Dataflow Objects

A dataflow object is a type of Alation object that represents the data flow between source and target data and documents the process of creating the source-target connections. A dataflow object is generic and can be used to store information about ETL processes, stored procedures, SQL queries, or scripts used to create target data from source data.

Dataflow objects were introduced with Lineage V2 and remain an important part of Lineage V3.

Dataflow objects can be created in three ways:

  • Automatically by Alation when it calculates lineage data from the metadata ingested during metadata extraction (MDE), query log ingestion (QLI), and from ingesting Compose queries. For example, a dataflow object will be created when you run CREATE TABLE or CREATE VIEW queries in Compose to create new data objects.

  • By the Lineage APIs

  • By manual lineage creation.

On the Lineage diagram in Alation, dataflow objects are represented with their own graphic elements. Automatically generated or API-created dataflows use the following icon:

../../_images/Screen_Shot_2019-10-23_at_7.14.30_PM.png ../../_images/DFO1.png

Manually added lineage has the following icon:

../../_images/lineageV3_23.png

Each dataflow object has a dedicated catalog page in Alation.

Viewing Dataflow Objects in the Catalog

To open the page of a dataflow object,

  1. On the Lineage tab, on the diagram itself, click the dataflow object you want to view.

  2. Scroll down to the view area under the diagram. The dataflow object page will be displayed in the view area:

../../_images/DFO2.png

If your role has appropriate permissions, you can change the catalog fields for the dataflow object directly in this view pane or you can open this page in the Catalog by clicking Open on the upper right. You can add the Title and Description and edit other available custom fields.

Note

Users with the Viewer role cannot change any custom fields on catalog pages if the Viewer role is enforced.

Dataflow Fields

Each dataflow object has a number of fields associated with it, including standard ones such as Description, Stewards, Domains, Tags, and Relevant Articles, but also the following ones specific to dataflow objects:

  • Properties

  • Dataflow Content

  • Data Input

  • Data Output

Properties

The Properties field includes the following:

  • Source shows the group source name of the dataflow object, if one has been created. Users with administrator roles can edit this field, and either select an existing group source or create a new one. This source name can then be used to filter the lineage shown.

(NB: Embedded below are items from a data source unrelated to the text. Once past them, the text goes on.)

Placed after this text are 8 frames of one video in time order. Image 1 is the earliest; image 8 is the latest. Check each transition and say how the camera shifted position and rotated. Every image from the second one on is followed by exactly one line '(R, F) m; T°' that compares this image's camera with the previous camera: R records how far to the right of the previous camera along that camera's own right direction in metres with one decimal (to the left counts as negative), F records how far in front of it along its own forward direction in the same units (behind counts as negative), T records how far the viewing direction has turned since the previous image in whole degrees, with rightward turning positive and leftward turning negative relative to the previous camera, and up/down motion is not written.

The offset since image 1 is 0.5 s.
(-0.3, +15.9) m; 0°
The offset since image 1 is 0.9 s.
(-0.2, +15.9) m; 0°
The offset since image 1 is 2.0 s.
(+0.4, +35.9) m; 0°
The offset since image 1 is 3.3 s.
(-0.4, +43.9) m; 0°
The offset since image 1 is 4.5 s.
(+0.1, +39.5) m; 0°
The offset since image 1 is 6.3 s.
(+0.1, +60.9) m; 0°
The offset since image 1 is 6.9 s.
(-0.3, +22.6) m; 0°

  • Creation Type has information on how the dataflow object was created:

    • AUTOMATIC

    • API

    • MANUAL

  • External ID displays the external_id property of the dataflow objects created using the API.

Dataflow Content

Dataflow content contains detailed information on what kind of data transformation was performed at this point in the data flow. This field is not editable on the dataflow object’s catalog page, but can be edited in the lineage editor’s Details tab. When a dataflow object is created automatically, the Content field will have the query that created the target object. If the dataflow object is created using the API or manually, the Dataflow Content field value should also be provided.

Input and Output Fields

The Data Input and Data Output fields have the information on the source (Input) and Target (Output) data objects. If there are any external EXT or temp TMP objects connected to the dataflow object, the Data Input and Data Output sections do not show them but they can be viewed in the lineage diagram.

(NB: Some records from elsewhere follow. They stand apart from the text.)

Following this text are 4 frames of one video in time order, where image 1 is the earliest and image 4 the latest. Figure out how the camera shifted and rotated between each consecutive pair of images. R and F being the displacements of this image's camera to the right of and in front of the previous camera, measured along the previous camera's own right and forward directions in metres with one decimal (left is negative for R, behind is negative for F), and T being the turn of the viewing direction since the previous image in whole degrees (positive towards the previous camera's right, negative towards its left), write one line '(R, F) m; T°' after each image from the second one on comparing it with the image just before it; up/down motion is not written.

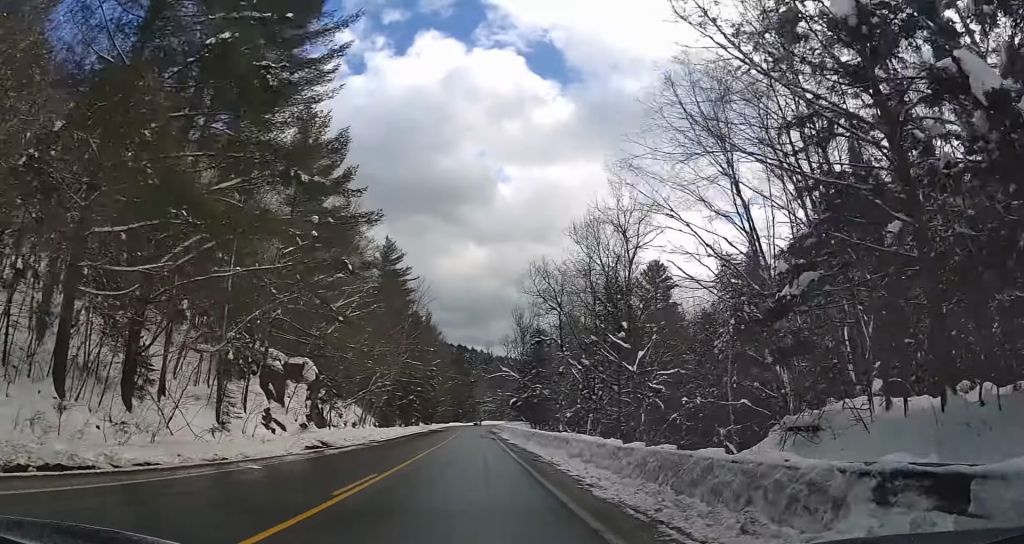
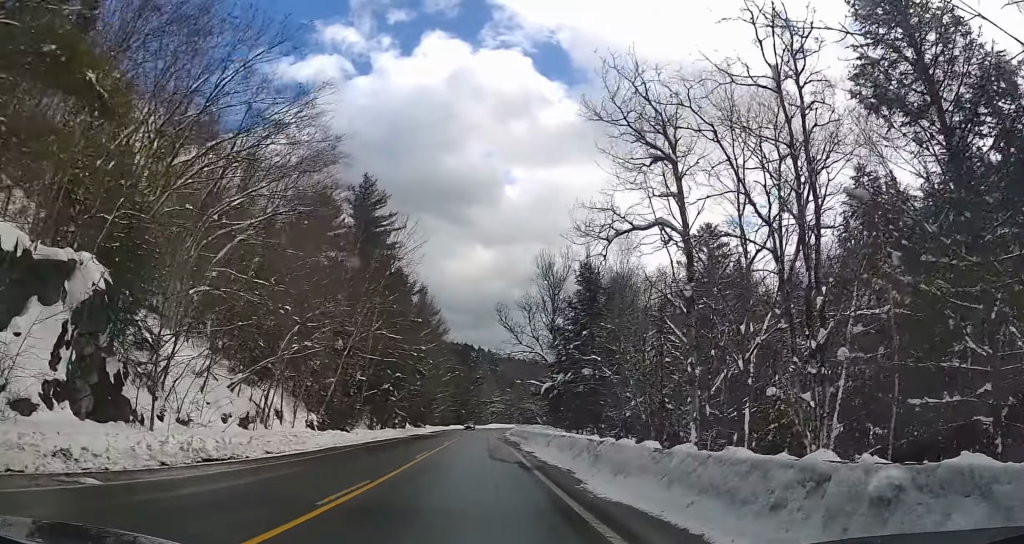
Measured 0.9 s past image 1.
(+0.1, +25.6) m; 0°
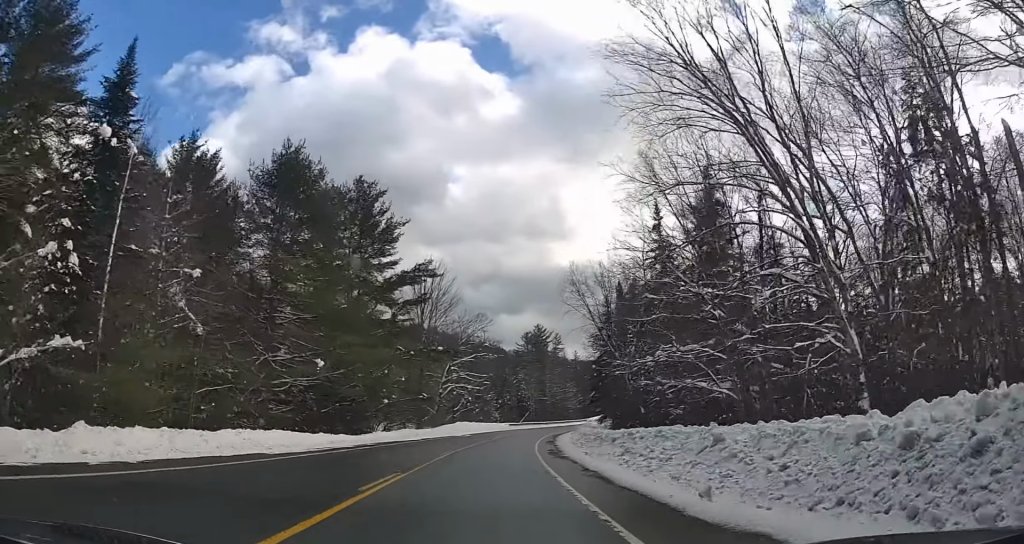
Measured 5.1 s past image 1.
(-1.2, +111.4) m; -1°
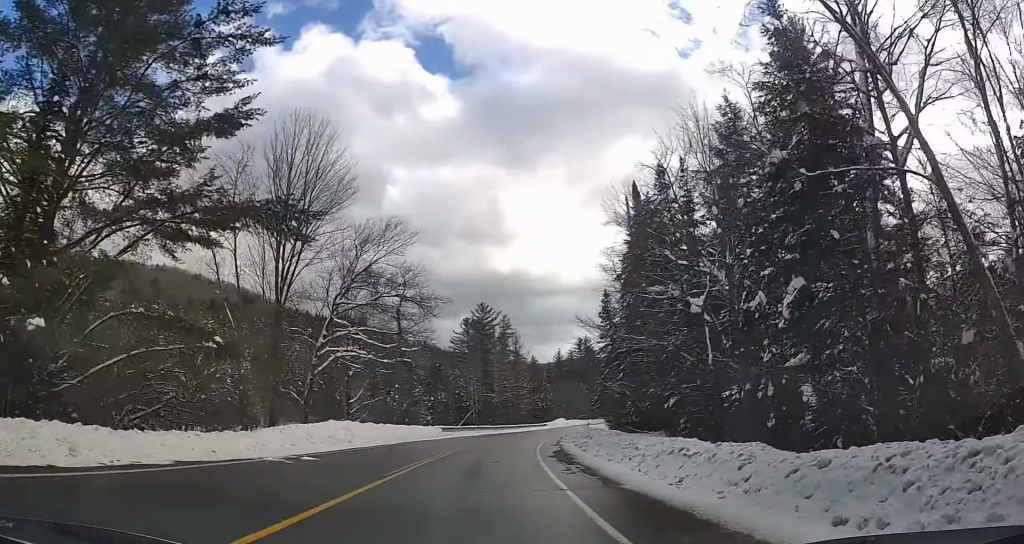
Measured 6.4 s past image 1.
(+1.2, +33.5) m; +4°

Under Data Input and Data Output, you can expand the objects that have child objects:

../../_images/DF_Input_Output.png

Customizing the Dataflow Page Template

You can customize the catalog page template of the Dataflow object in a similar way to customizing the catalog template of any other object.

You need the role of a Catalog Admin or Server Admin to be able to change object templates.

The template of the Dataflow object can be found at Settings > Catalog Admin > Customize Catalog > Custom Templates > Data Object Templates > Dataflow.

For details on how to customize templates, see Custom Fields.

Deleting Dataflow Objects

You can delete a dataflow object using the lineage editor.

  1. Log in to Alation as an admin user.

  2. Open the catalog page of the data object for which you want to delete a dataflow object.

  3. Click the Lineage tab to open it, then click the Edit button on the top right of the diagram.

    ../../_images/lineageV3_03.png
  4. Click the node representing the dataflow you want to delete to open the dataflow object editor.

  5. Click the trash can icon to the right of the dataflow object’s name. You are shown a confirmation dialog that warns you that existing lineage will be disconnected and any external objects connected to the dataflow will be deleted.

  6. Click Delete to delete the dataflow, or Cancel to cancel the operation.

For dataflow objects created manually, you can also delete individual dataflow paths. See section “Deleting a Path” in Creating Lineage Data Manually.

Creating Dataflow Objects with API

See Lineage - General API Quick Start Guide.